Divergence and Curl of Electrostatic Field

Section 2.1: Field Lines, Flux and Gauss' Law

\( \require{enclose} \enclose{box}[mathcolor="black"]{\frac{1}{4\pi \epsilon_0} \int_S \frac{\rho (\boldsymbol{r'})}{r^2}\hat{\boldsymbol{r}} \partial{\tau'}} \rightarrow\)

1. Tells all we need.
2. Can be formidable.
3. Need tricks to avoid such integrals.

Magnitude of E field is indicated by density \(\frac{\text{# of lines}}{\text{surface area}} = \frac{n}{4 \pi r^2}\)
Field lines:

1. Emanate from point charges symmetrically in all directions.
2. Begin on positive charges, end on negative charges.
3. Don't terminate midair -> may extend to infinity.
4. Never cross.

Flux of \(\overrightarrow{\boldsymbol{E}}\) through a surface \(\boldsymbol{S}\): \(\Phi_{E} = \int_S \overrightarrow{E} \cdot \overrightarrow{\partial{a}}\)
For a given sampling rate the flux is proportional to the # of lines drawn.
Suggestion: Flux through any closed surface is a measure of total charge inside.
Outside charge will contribute nothing to the total flux - field lines pass through (in and out)

Flux of point charge q through sphere (radius r) =>
\(\oint \overrightarrow{E} \cdot \overrightarrow{\partial{a}} = \int \frac{1}{4\pi \epsilon_0} \cdot (\frac{q}{r^2}\hat{\boldsymbol{r}}) \cdot (r^2 \sin{\theta} \partial{\theta} \partial{\phi}\hat{\boldsymbol{r}}) = \frac{q}{4\pi \epsilon_0} \int \sin{\theta} \partial{\theta} \partial{\phi} = \frac{q 4\pi}{4\pi \epsilon_0} = \frac{q}{\epsilon_0}\)

As \(E\ \alpha\ \frac{1}{r^2}\) goes down, Area \(\alpha\ r^2\) goes up -> product is constant
Thus flux through any surface enclosing the charge is \(\frac{q}{\epsilon_0}\)

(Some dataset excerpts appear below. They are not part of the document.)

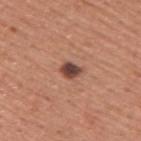notes=total-body-photography surveillance lesion; no biopsy | imaging modality=~15 mm tile from a whole-body skin photo | subject=male, aged 43 to 47 | location=the upper back | lighting=white-light.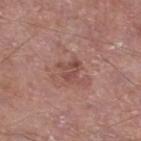biopsy status = no biopsy performed (imaged during a skin exam) | subject = male, in their mid- to late 50s | automated metrics = a lesion area of about 5 mm²; a nevus-likeness score of about 0/100 and lesion-presence confidence of about 100/100 | site = the left lower leg | lesion size = about 3 mm | image = ~15 mm tile from a whole-body skin photo.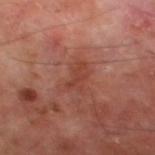{
  "biopsy_status": "not biopsied; imaged during a skin examination",
  "site": "left thigh",
  "lighting": "cross-polarized",
  "image": {
    "source": "total-body photography crop",
    "field_of_view_mm": 15
  },
  "lesion_size": {
    "long_diameter_mm_approx": 3.5
  },
  "patient": {
    "sex": "male",
    "age_approx": 70
  },
  "automated_metrics": {
    "area_mm2_approx": 4.5,
    "eccentricity": 0.85,
    "border_irregularity_0_10": 4.0,
    "color_variation_0_10": 1.5,
    "peripheral_color_asymmetry": 0.5
  }
}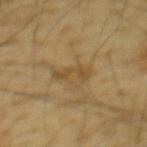Q: Was this lesion biopsied?
A: total-body-photography surveillance lesion; no biopsy
Q: What is the lesion's diameter?
A: ~3.5 mm (longest diameter)
Q: What is the imaging modality?
A: ~15 mm tile from a whole-body skin photo
Q: Where on the body is the lesion?
A: the mid back
Q: Automated lesion metrics?
A: a normalized lesion–skin contrast near 6
Q: Who is the patient?
A: male, aged around 65
Q: What lighting was used for the tile?
A: cross-polarized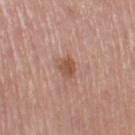Recorded during total-body skin imaging; not selected for excision or biopsy. This is a white-light tile. The lesion's longest dimension is about 2.5 mm. From the left thigh. A female patient, aged 63–67. Cropped from a whole-body photographic skin survey; the tile spans about 15 mm. Automated image analysis of the tile measured an area of roughly 4.5 mm², a shape eccentricity near 0.7, and a symmetry-axis asymmetry near 0.25. The software also gave a lesion–skin lightness drop of about 10 and a lesion-to-skin contrast of about 7 (normalized; higher = more distinct). It also reported border irregularity of about 2 on a 0–10 scale and a peripheral color-asymmetry measure near 1.5. The analysis additionally found a classifier nevus-likeness of about 65/100.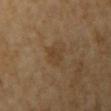Findings:
• follow-up · imaged on a skin check; not biopsied
• patient · female, aged around 70
• imaging modality · ~15 mm crop, total-body skin-cancer survey
• anatomic site · the arm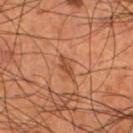image-analysis metrics: an automated nevus-likeness rating near 20 out of 100 and a lesion-detection confidence of about 95/100
patient: male, in their mid-50s
diameter: ≈2.5 mm
site: the left lower leg
image: ~15 mm crop, total-body skin-cancer survey
tile lighting: cross-polarized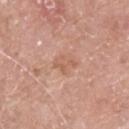Findings:
• notes · total-body-photography surveillance lesion; no biopsy
• patient · male, about 65 years old
• imaging modality · ~15 mm tile from a whole-body skin photo
• body site · the upper back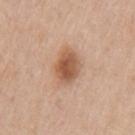Case summary:
- notes: total-body-photography surveillance lesion; no biopsy
- patient: male, aged approximately 60
- acquisition: ~15 mm crop, total-body skin-cancer survey
- lesion size: about 4 mm
- site: the left upper arm
- tile lighting: white-light illumination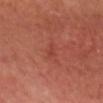| feature | finding |
|---|---|
| notes | imaged on a skin check; not biopsied |
| subject | male, about 65 years old |
| imaging modality | total-body-photography crop, ~15 mm field of view |
| lighting | cross-polarized |
| lesion diameter | about 2.5 mm |
| location | the head or neck |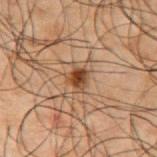Imaged during a routine full-body skin examination; the lesion was not biopsied and no histopathology is available. A male patient in their 50s. From the right upper arm. About 2.5 mm across. A 15 mm crop from a total-body photograph taken for skin-cancer surveillance.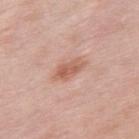The lesion was tiled from a total-body skin photograph and was not biopsied. A male patient, in their mid-50s. A close-up tile cropped from a whole-body skin photograph, about 15 mm across. Longest diameter approximately 4 mm. Automated tile analysis of the lesion measured a lesion area of about 5.5 mm², a shape eccentricity near 0.9, and a symmetry-axis asymmetry near 0.25. The analysis additionally found an average lesion color of about L≈59 a*≈23 b*≈29 (CIELAB), roughly 10 lightness units darker than nearby skin, and a normalized lesion–skin contrast near 7. Imaged with white-light lighting. The lesion is on the mid back.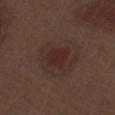  biopsy_status: not biopsied; imaged during a skin examination
  patient:
    sex: male
    age_approx: 70
  lighting: white-light
  site: right thigh
  image:
    source: total-body photography crop
    field_of_view_mm: 15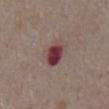tile lighting: white-light illumination; body site: the abdomen; subject: male, aged 73–77; image source: total-body-photography crop, ~15 mm field of view.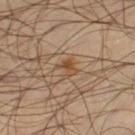Recorded during total-body skin imaging; not selected for excision or biopsy. Cropped from a whole-body photographic skin survey; the tile spans about 15 mm. A male subject aged around 45. Located on the leg. The tile uses cross-polarized illumination. The recorded lesion diameter is about 2 mm.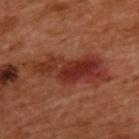Impression:
The lesion was tiled from a total-body skin photograph and was not biopsied.
Image and clinical context:
A male subject, in their 50s. Longest diameter approximately 9 mm. From the back. Captured under cross-polarized illumination. A 15 mm close-up tile from a total-body photography series done for melanoma screening. The total-body-photography lesion software estimated an outline eccentricity of about 0.95 (0 = round, 1 = elongated). The software also gave a lesion color around L≈33 a*≈28 b*≈29 in CIELAB, roughly 10 lightness units darker than nearby skin, and a lesion-to-skin contrast of about 8.5 (normalized; higher = more distinct). The software also gave a classifier nevus-likeness of about 0/100 and a lesion-detection confidence of about 95/100.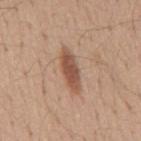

\( \left\{ \begin{array}{c} \text{Now, bunch of charges => invoke }\boldsymbol{superposition}\ \rightarrow \overrightarrow{E}= \sum_{i=1}^{n}\overrightarrow{E_i} \\ \text{Flux:}\ \oint \overrightarrow{E} \cdot \overrightarrow{\partial{a}} = \sum_{i=1}^{n} (\oint \overrightarrow{E_i} \cdot \overrightarrow{\partial{a}}) = \sum_{i=1}^{n} \frac{q_i}{\epsilon_0} \end{array} \right. \Longrightarrow \text{For any closed surface: } \enclose{box}[mathcolor="black"]{\oint_S \overrightarrow{E} \cdot \overrightarrow{\partial{a}} = \frac{1}{\epsilon_0}Q_{enc}} \)

Gauss Law hinges on \(\frac{1}{r^2}\) character of Coulomb's Law. Without cancelation flux would depend on the surface chosen.

Apply divergence theorem: \( \left\{ \begin{array}{c} \oint_S \overrightarrow{E} \cdot \overrightarrow{\partial{a}} = \int_V (\nabla \cdot \overrightarrow{E}) \partial{\tau} \\ Q_{enc} = \int_V \rho \partial{\tau} \end{array} \right. \Longrightarrow \int_V (\nabla \cdot \overrightarrow{E}) \partial{\tau} = \int_V (\frac{\rho}{\epsilon_0}) \partial{\tau} \)

Holds for any volume, thus Gauss Law in differential form \(\enclose{box}[mathcolor="black"]{\nabla \cdot \overrightarrow{E} = \frac{\rho}{\epsilon_0}}\)